[xorcist]

People with large environments that needs to be managed homogenously would beg to differ. How else would people manage these things large scale? It's exactly the kind of functionality that this software provides. Expressing rules in code might be radically different to someone used to a product like AD, but the learning curve is pretty quick and it is inherently more powerful.

[BrandoElFollito]

I do not know about products for large environments. Our is arguably medium (around 10,000 servers) and we use solutions where each does its thing, without any reasonable cooperation between the solutions:

- users management? NIS

- configuration management? ansible / salt

- machines management? none (we use a homebrew system based off salt)

- shared storage? NFS

- policies? salt or ansible if they are common to groups of machines, or NIS if for people

etc.

I would love to have a unified tool (similar to what Zen was trying to do 20 years ago) but I do not know any. What AD does for Windows is nice (though I do not use Windows servers but I see their management from the side), Linux was intended to be standalone and this is what there are so many specialized, but disconnected management systems.

[xorcist]

Right, but NIS and NFS are just protocols. You might as well have said DNS and IMAP. There are also services behind those protocols that needs to be managed. This is what Puppet(/Chef/Salt) does.

Take NFS as an example. Let's say all your users with meets certain criteria needs an NFS share named after their user and with an ACL that gives some running software access to drop files there. Maybe this share should be mounted on every machine where this software is present, regardless of who own it or where it runs. You write this rule in Puppet code and then it is guaranteed to be true for everyone forever.
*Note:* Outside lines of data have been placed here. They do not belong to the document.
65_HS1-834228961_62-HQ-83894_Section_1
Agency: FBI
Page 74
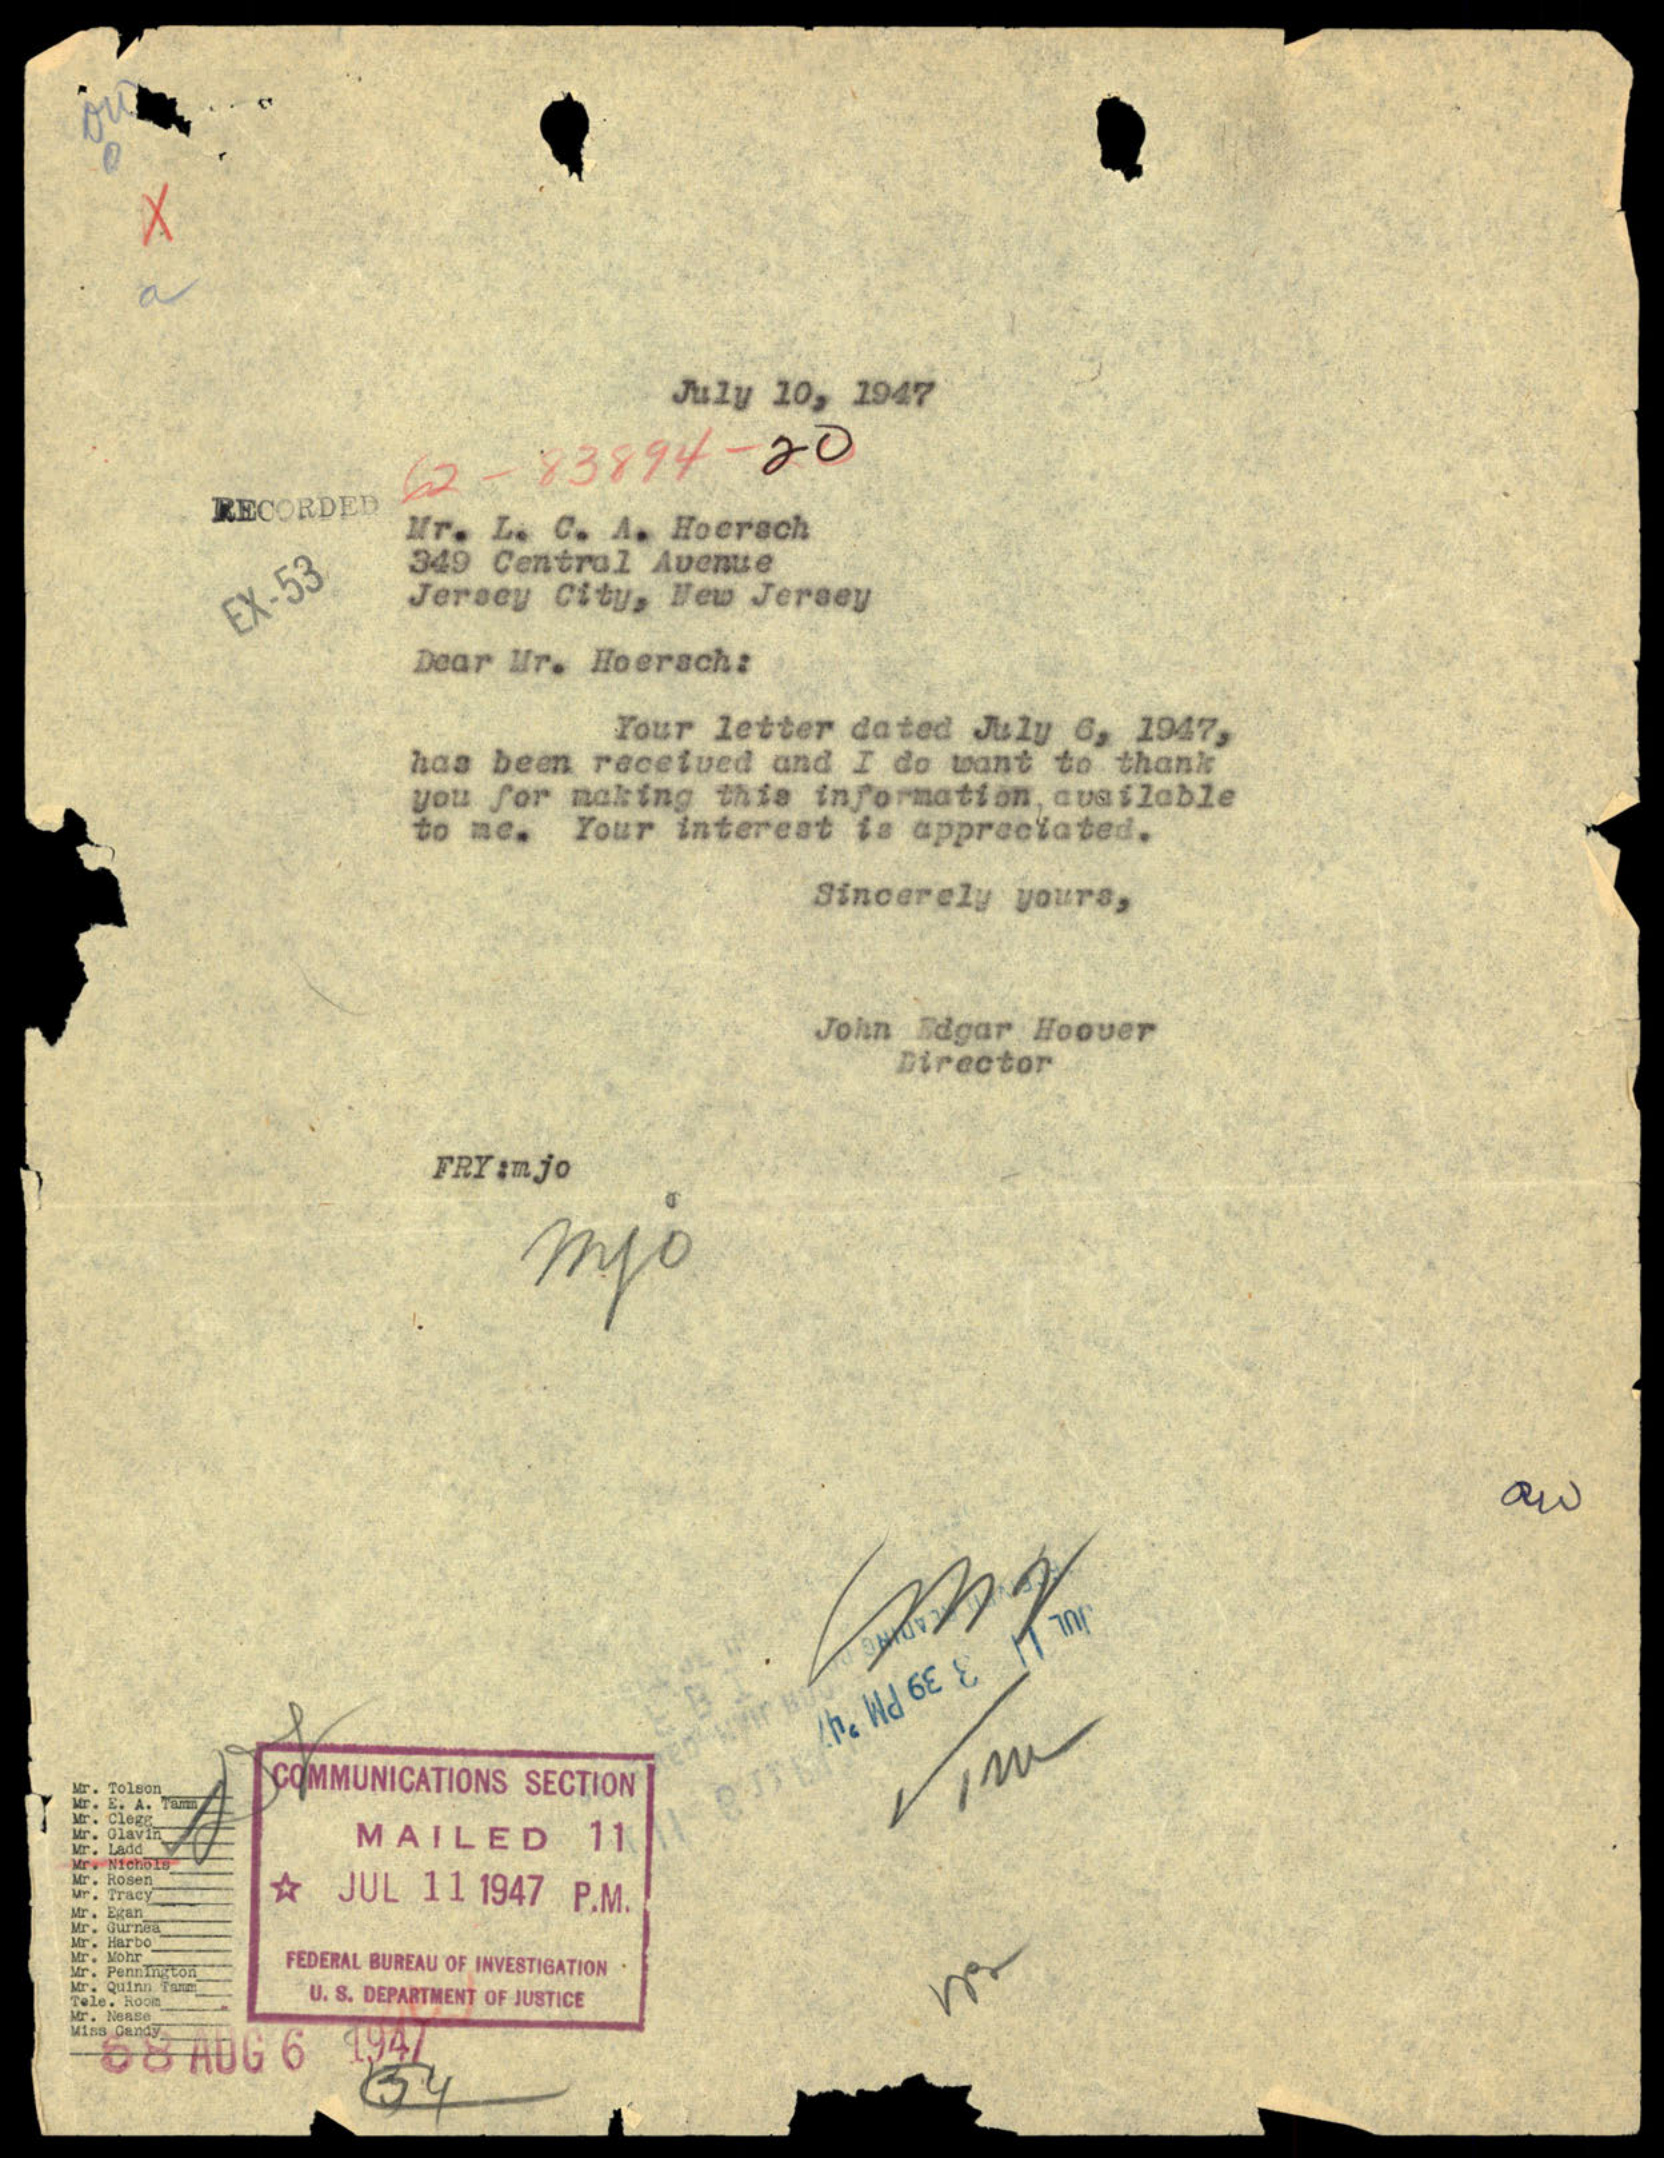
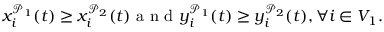
x _ { i } ^ { \mathcal { P } _ { 1 } } ( t ) \geq x _ { i } ^ { \mathcal { P } _ { 2 } } ( t ) \mathrm { ~ a ~ n ~ d ~ } y _ { i } ^ { \mathcal { P } _ { 1 } } ( t ) \geq y _ { i } ^ { \mathcal { P } _ { 2 } } ( t ) , \forall i \in V _ { 1 } .
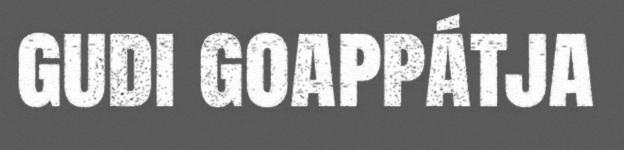
gudi goappátja
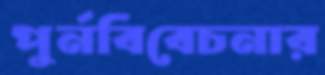
পুর্নবিবেচনার
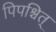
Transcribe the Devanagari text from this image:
पिपश्चित्
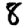
Digit: 8
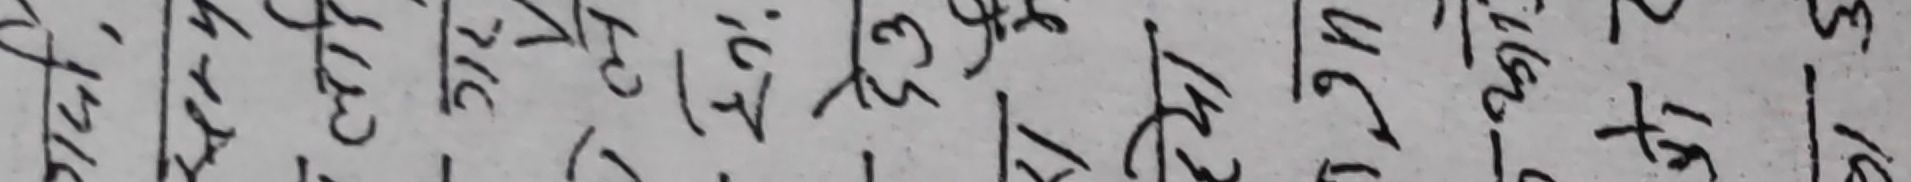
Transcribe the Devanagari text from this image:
१७ १८ १९ २० २१ २२ २३ २४ २५ २६ २७ २८
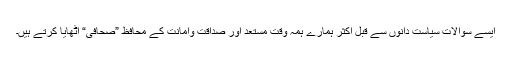
ایسے سوالات سیاست دانوں سے قبل اکثر ہمارے ہمہ وقت مستعد اور صداقت وامانت کے محافظ ”صحافی“ اٹھایا کرتے ہیں۔
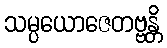
သမ္ပယောဇေတဗ္ဗန္တိ
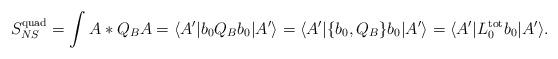
LaTeX: \begin{align*}S_{NS}^{\mathrm{quad}}=\int A*Q_BA=\langle A^{\prime}|b_0Q_Bb_0|A^{\prime}\rangle=\langle A^{\prime}|\{b_0,Q_B\}b_0|A^{\prime}\rangle=\langle A^{\prime}|L_0^{\mathrm{tot}}b_0|A^{\prime}\rangle .\end{align*}
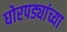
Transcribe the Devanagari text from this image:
घोरपड्यांच्या
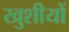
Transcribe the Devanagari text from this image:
खुशीयों
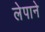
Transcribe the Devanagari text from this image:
लेपाने
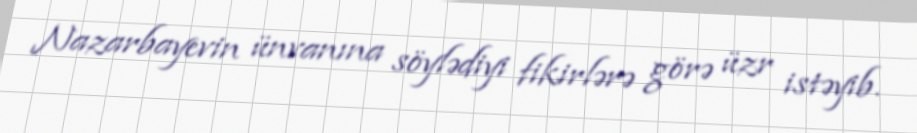
Nazarbayevin ünvanına söylədiyi fikirlərə görə üzr istəyib.
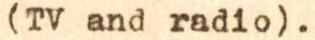
(TV and radio).
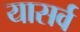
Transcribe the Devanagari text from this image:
यासर्व
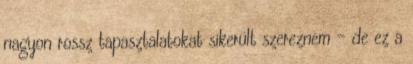
nagyon rossz tapasztalatokat sikerült szereznem – de ez a
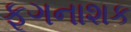
ફૂગનાશક
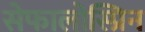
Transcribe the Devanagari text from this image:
सेफालोस्प्रिन
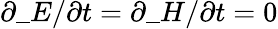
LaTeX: \partial\_ E/\partial t=\partial\_ H/\partial t=0
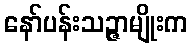
နော်ပန်းသဉ္ဇာမျိုးက
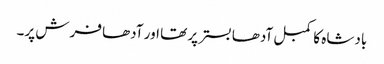
بادشاہ کا کمبل آدھا بستر پر تھا اور آدھا فرش پر۔
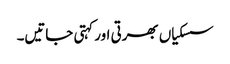
سسکیاں بھرتی اور کہتی جاتیں۔
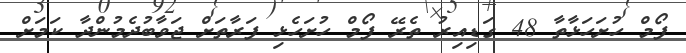
ފޯމް ހުށަހަޅާތާ 48 ގަޑިއިރު ތެރޭ ފޯމް ހުށަހެޅި ފަރާތަށް ޖަވާބުދެމުންދާ ކަމަށް
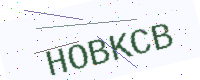
Text: HOBKCB
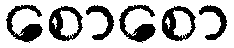
စောစော
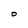
Character: O
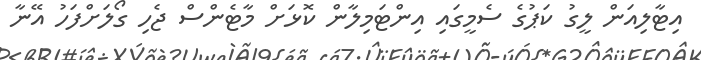
އިޓާލިއަން ލީގު ކަޕުގެ ސެމީގައި އިންޓަމިލާން ކޮޅަށް މާޓެންސް ޖެހި ގޯލަށްފަހު އޭނާ
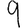
Digit: 9
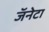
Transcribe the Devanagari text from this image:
जॅनेटा
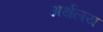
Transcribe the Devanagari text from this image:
अर्थलय
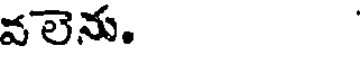
వలెను.
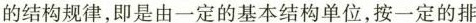
的结构规律，即是由一定的基本结构单位，按一定的排
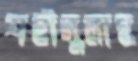
শহীদুলাহ
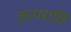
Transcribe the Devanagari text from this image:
अत्यराति
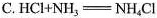
C.$$HCl+NH_{3}=NH_{4}Cl$$
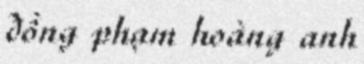
đồng phạm hoàng anh
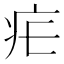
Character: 疟
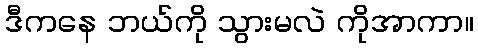
ဒီကနေ ဘယ်ကို သွားမလဲ ကိုအာကာ။
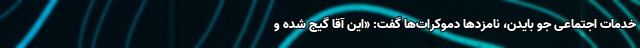
خدمات اجتماعی جو بایدن، نامزدها دموکرات‌ها گفت: «این آقا گیج شده و
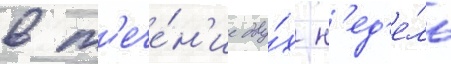
в т'ече́н'ие дву́х н'ед'е́ль
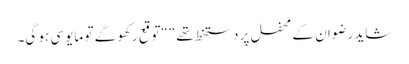
شاید رضوان کے محفل پر دستخط تھے“ “توقع رکھو گے تو مایوسی ہو گی۔
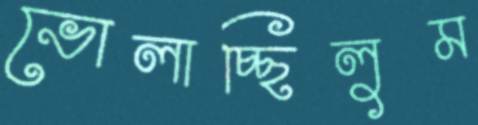
ভোলাচ্ছিলুম
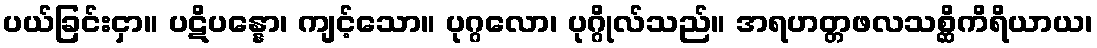
ပယ်ခြင်းငှာ။ ပဋိပန္နော၊ ကျင့်သော။ ပုဂ္ဂလော၊ ပုဂ္ဂိုလ်သည်။ အရဟတ္တဖလသစ္ဆိကိရိယာယ၊
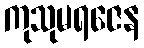
ကုသုမရဇေန
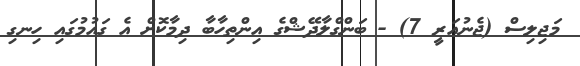
މަޖިލިސް (ޖެނުއަރީ 7) - ބަންގްލާދޭޝްގެ އިންތިހާބާ ދިމާކޮށް އެ ގައުމުގައި ހިނގި
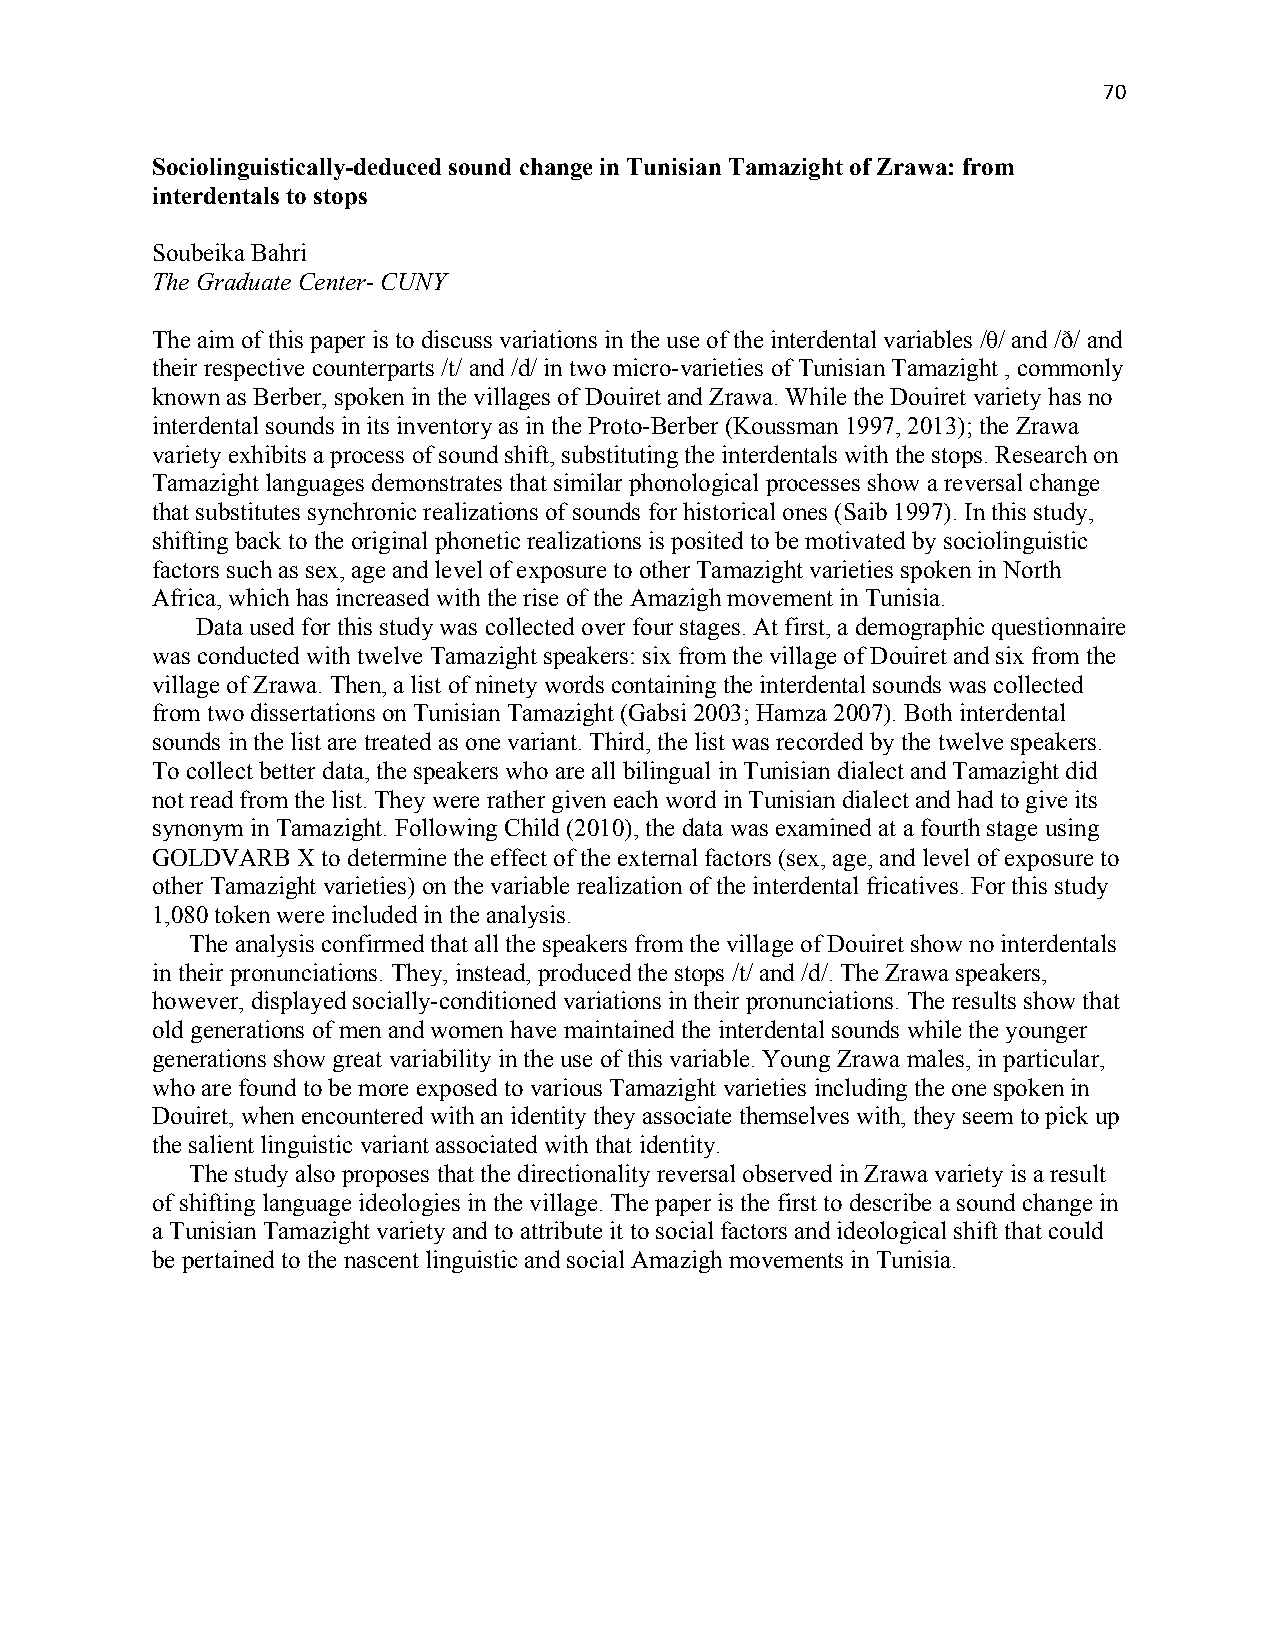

Note that we didn't even need to feed Puppet any new information to do this. All the data required to implement the change was already in the configuration database. (Which is not even a real database but only the result of existing rules.)

Compare with a product such as AD. It doesn't really do the management for you. You can store the data there, but then you need to write a script to implement this change across your server farm. This need to be maintained, and regularly checked re-run to check for changes. Someone has to schedule this. When conditions change, the software which got access changes id, or is installed in another way, the script needs to be maintained accordingly.

Having this version controlled adds another aspect to this. Since everything is text, if you find this rule you can follow the commits and see exactly who brought this into production and when.

It's interesting that you refer to Linux as a standalone system. Linux and other unices have their roots not in single instance "personal computers" but in multi user environments. This is why to this day Linux admins treat everything as text and work mostly by text commands. Others may find this archaic but without this and without version control we could never maintain large homogenous environments. You might say that automation is built into the very way we use these systems.